Overblog
Suivre ce blog Administration + Créer mon blog

berdiaeff

1938 – Fabrègues – Mounier - Berdiaeff

Publié le par Régis Vétillard

En ces années les intellectuels excellent à se retrouver autour de revues, ainsi Jean de Fabrègues participent à six ou sept revues, qu'il anime également. Les équipes peuvent varier et constituent ce que l'on appelait la '' Jeune Droite '', et qui s'est écartée de l'Action Française.

'' Combat '' se voulait antiparlementariste, voire antidémocratique, mais pas fasciste...

'' Civilisation '' se veut présenter une exigence intellectuelle et spirituelle ; s'y expriment l'existentialiste Karl Jaspers, le philosophe-paysan Gustave Thibon, Etienne Gilson (qui fut le professeur de philosophie thomiste de Fabrègues en Sorbonne)

 

La question de l'antisémitisme divise les catholiques; elle se situe plus au niveau politique que racial, avec la peur d'une ''mainmise juive'' sur le pays... Le caractère raciste de Céline choque Lancelot et beaucoup de catholiques... ''Combat'' également prend ses distances ; Brasillach, quitte Combat pour ''Je suis partout'' où il rejoint Lucien Rebatet auquel s'opposent Fabrègues et René Vincent.

Fabrègues et Gabriel Marcel décide de créer ''Civilisation'' pour hausser le débat à un niveau philosophique ; en opposition à '' L'insurgé '' de Thierry Maulnier qui a un discours favorable aux mouvements fascisants...

« Anarchie et désordre de notre pauvre France usée de libéralisme et d'individualisme. Utilitarisme anglo-saxon et américanisme. Totalitarisme de la classe [communisme] et de la race [hitlérisme] ou de l'Etat [fascisme]. De tous côtés un flot de barbarie déferle aujourd'hui sur le monde et menace d'engloutir notre civilisation. » Jean Daujat, qui tient une chronique dans Civilisation.

''Combat'' et ''Civilisation'' paraissent jusqu'à l'été 1939.

 

Fabrègues multiplie les conférences, les réunions privées pour concilier profession, vie sociale et réflexion sur la civilisation; par exemple, le 11 janvier 1938 sur '' le sens moral et social de la civilisation française '', ou sur le '' rôle social de l'ingénieur, et du scientifique '' …

Lancelot qui a beaucoup fréquenté ces personnes, reste - avec l'influence d'Elaine, peut-être aussi - proche de Maritain et de ses positions sur l'invasion de l'Ethiopie en 1935 ou la guerre d'Espagne en 1936... Lancelot apprécie de plus en plus la ligne d'Esprit d'Emmanuel Mounier, il l'a soutenu quand il a condamné l'évolution de la IIIe Force d'Izard, puis la rupture avec l'Ordre Nouveau ( la revue disparaît en 1938) ; même si on gardait le contact avec Denis de Rougemont.

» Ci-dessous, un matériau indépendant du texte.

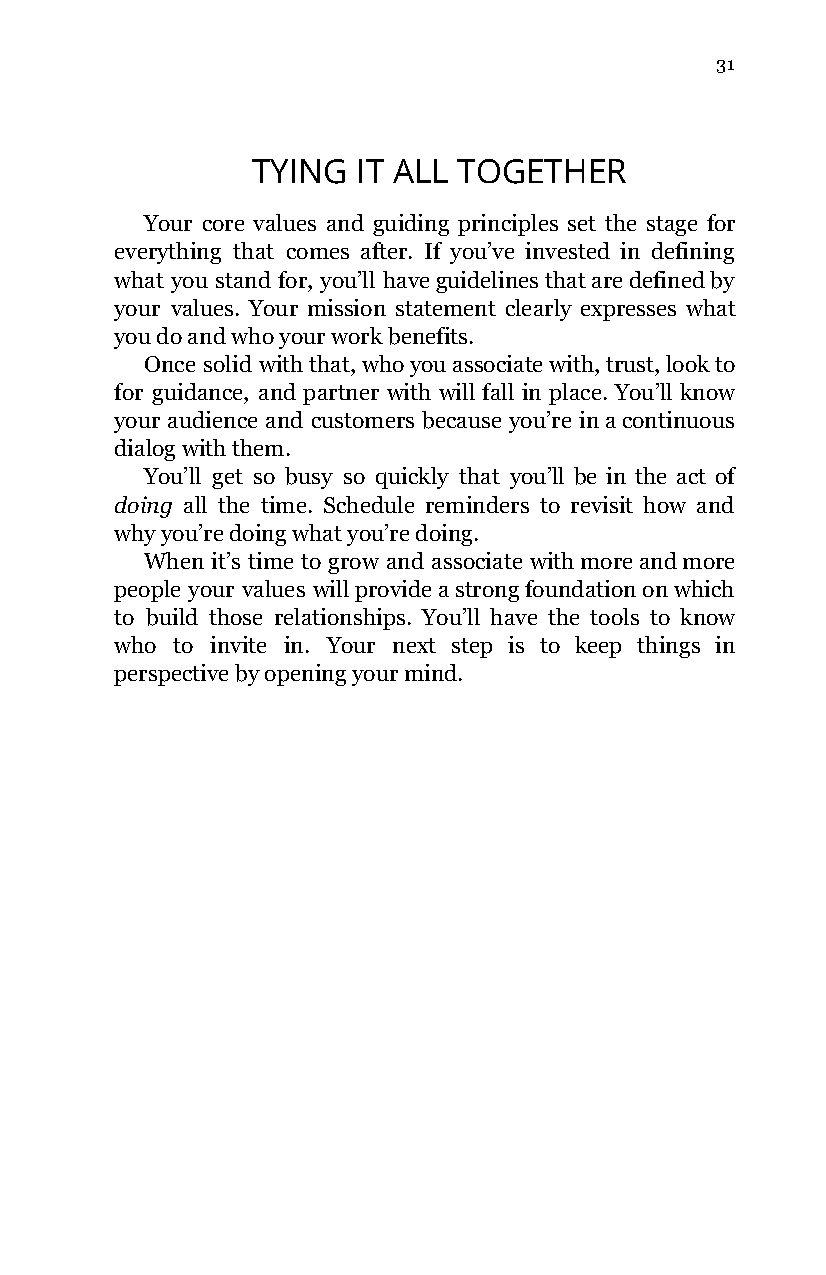
31
 TYING  IT ALL TOGETHER
 Your core values and guiding principles set the stage for
 everything that comes after. If you’ve invested in defining
 what you stand for, you’ll have guidelines that are defined by
 your values. Your mission statement clearly expresses what
 you do and who your work benefits.
 Once solid with that, who you associate with, trust, look to
 for guidance, and partner with will fall in place. You’ll know
 your audience and customers because you’re in a continuous
 dialog with them.
 You’ll get so busy so quickly that you’ll be in the act of
 doing all the time. Schedule reminders to revisit how and
 why you’re doing what you’re doing.
 When it’s time to grow and associate with more and more
 people your values will provide a strong foundation on which
 to build those relationships. You’ll have the tools to know
 who to invite in. Your next step is to keep things in
 perspective by opening your mind.

Maritain défend les positions d'Esprit et l'action de Mounier face à l’archevêché et au Vatican ( 1937)... Mounier, avec Maritain, insistent sur le fait que la référence d'Esprit à l'idée de "révolution spirituelle" n'implique pas « une sympathie systématique pour tout ce qui est révolutionnaire », ajoutant : « La révolution n'est pas pour nous la valeur première (...) Nous sommes du parti de l'esprit avant d'être du parti de la révolution ».

 

Lancelot, balance ainsi, entre Fabrègues et Mounier ; l'un prenant systématiquement le contre-pied de l'autre, le premier adoptant les positions des partis de droite, le second des partis de gauche.

 

Myrrha Borodine-Lot, née juive par sa mère, s’intéresse à toutes les religions, et en particulier le lien entre judaïsme et christianisme, et n'en ''pratique'' aucune. Elle reçoit chez elle Nicolas Berdiaeff et Vladimir Lossky ; fréquente le cercle Maritain. Elle et son mari, Ferdinand Lot, forment un couple franco-russe de médiévistes. Ils ont trois filles Irène, Marianne et Eveline.

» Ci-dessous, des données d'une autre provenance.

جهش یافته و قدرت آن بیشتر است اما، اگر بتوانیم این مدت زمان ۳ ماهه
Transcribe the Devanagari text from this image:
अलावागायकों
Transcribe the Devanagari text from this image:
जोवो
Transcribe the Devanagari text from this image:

Irène Lot, épouse de Boris Vilde

Marianne (1913) s'est faite baptiser à vingt ans, elle épouse en 1936 Jean-Berthold Mahn historien comme elle. Eveline (1918) étudie à  l'École des Langues Orientales et se passionne pour les langues orientales et russes.

Irène, s'est mariée en 1934, avec Boris Vildé russe et nationalisé français, linguiste et ethnologue au Musée de l'Homme. Boris Vildé, comme ethnologue, en 1938 part en Finlande, en mission, pour le Musée de l'homme, à Helsinki ; puis en Estonie retour janvier 1939.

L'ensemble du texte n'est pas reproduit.